The fact that parties have separated or that a dissolution or legal separation is pending does not end the parties' fiduciary responsibilities.  Family Code section 1100(e) continues those same duties "until such time as the assets and liabilities have been divided by the parties or by a court." 

Remedies for breach of the fiduciary duty as described in Family Code section 721, and section 1100, include an amount equal to one-half of the value of any asset undisclosed or transferred in breach of fiduciary duty, plus attorneys fees.  This includes inadvertent or unintentional violations.  Family Code section 1101(g).  Where a court comes to believe a spouse acted intentionally to defraud the other spouse, the Court "shall" award 100% of the value of what should have been disclosed, or what should not have been transferred, to the innocent spouseFC section 1101(h).

If you have a business, or investments in real estate or simply a family residence, and certain transactions have occurred, you may have a problem.  If you are a dependent spouse, regardless whether the other party intended to cheat you, you may have important entitlements and remedies.

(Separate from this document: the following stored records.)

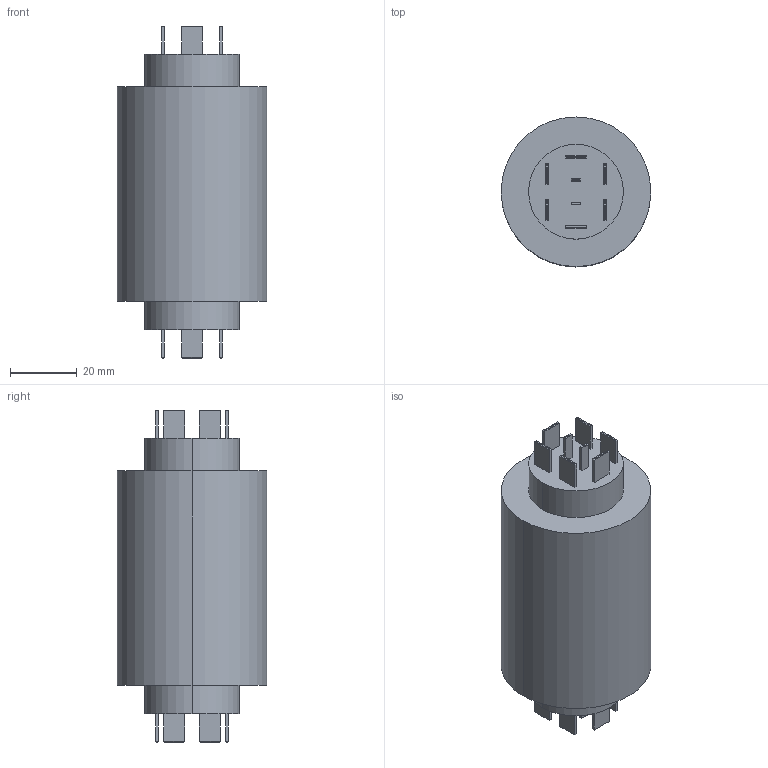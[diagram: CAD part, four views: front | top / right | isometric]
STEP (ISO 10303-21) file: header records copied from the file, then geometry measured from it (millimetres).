
FILE_DESCRIPTION (( 'STEP AP203' ), '1' );
FILE_NAME ('RW4045-P0630-P0208.STEP', '2020-07-15T06:01:53', ( '微软用户' ), ( '微软中国' ), 'SwSTEP 2.0', 'SolidWorks 2014', '' );
FILE_SCHEMA (( 'CONFIG_CONTROL_DESIGN' ));
Length unit declared in the file: millimetre
Products named in the file (1): RW4045-P0630-P0208
Bounding box: 45 x 45 x 99.8 mm (x, y, z)
Volume: 114843.5 mm3; surface area: 15606.6 mm2
Topology: 1 solids, 1 shells, 154 faces, 338 edges, 204 vertices
Faces by surface type: plane 148, cylinder 6
Entity records: 4139 total; most frequent: CARTESIAN_POINT 697, ORIENTED_EDGE 676, DIRECTION 660, EDGE_CURVE 338, VECTOR 326, LINE 326, VERTEX_POINT 204, EDGE_LOOP 172
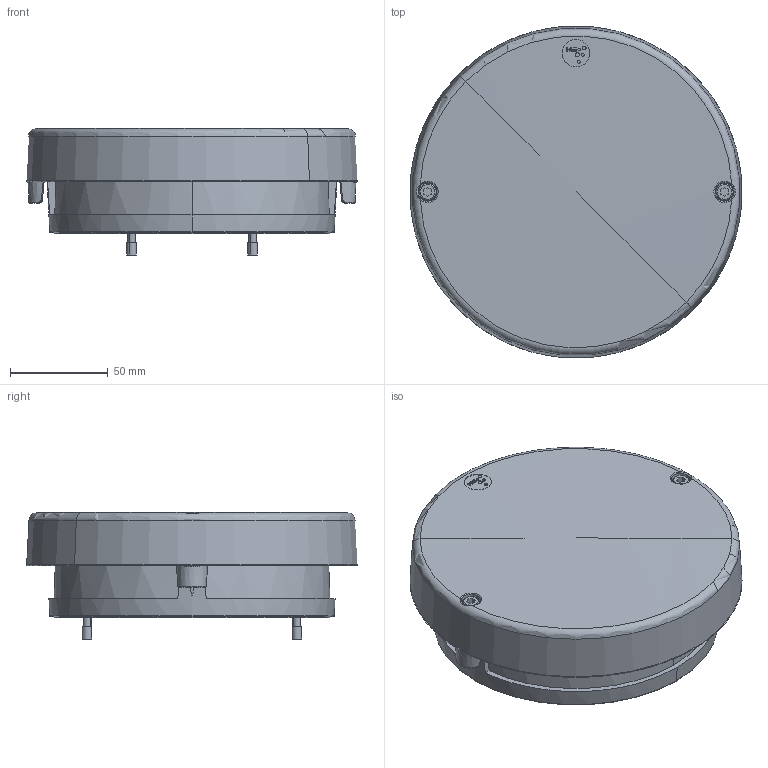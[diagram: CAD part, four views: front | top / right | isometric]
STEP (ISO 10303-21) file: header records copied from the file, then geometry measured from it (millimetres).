
FILE_DESCRIPTION(('CATIA V5 STEP Exchange','CAx-IF Rec.Pracs.--- Model Styling and Organization---1.4--- 2014-01-23'),'2;1');
FILE_NAME('088062_AllCATPart.stp','2019-03-08T13:56:52+00:00',('none'),('none'),'CATIA Version 5-6 Release 2017 SP3','CATIA V5 STEP AP214','none');
FILE_SCHEMA(('AUTOMOTIVE_DESIGN { 1 0 10303 214 1 1 1 1 }'));
Length unit declared in the file: millimetre
Products named in the file (1): 088062_AllCATPart
Bounding box: 169.9 x 169.9 x 65.5 mm (x, y, z)
Volume: 275185.4 mm3; surface area: 172279.1 mm2
Topology: 16 solids, 20 shells, 2684 faces, 6732 edges, 4072 vertices
Faces by surface type: plane 790, bspline 721, torus 397, cone 358, cylinder 281, sphere 132, extrusion 5
Entity records: 142958 total; most frequent: CARTESIAN_POINT 90487, ORIENTED_EDGE 13218, EDGE_CURVE 6609, DIRECTION 6380, VERTEX_POINT 4062, AXIS2_PLACEMENT_3D 3484, B_SPLINE_CURVE_WITH_KNOTS 3370, EDGE_LOOP 2823

This is one of the most complicated, emerging areas of California family law.  Do not go it alone!  In every dissolution and legal separation case, regardless whether either party has an attorney, each party must exchange a Preliminary Declaration of Disclosure, and unless expressly waived, a Final Declaration of Disclosure.  If these documents contain errors, misinformation, or are incomplete the consequences can be financially devastating because an entire settlement or judgment may later be set aside.  These documents sit as leverage tools and landmines for years to come.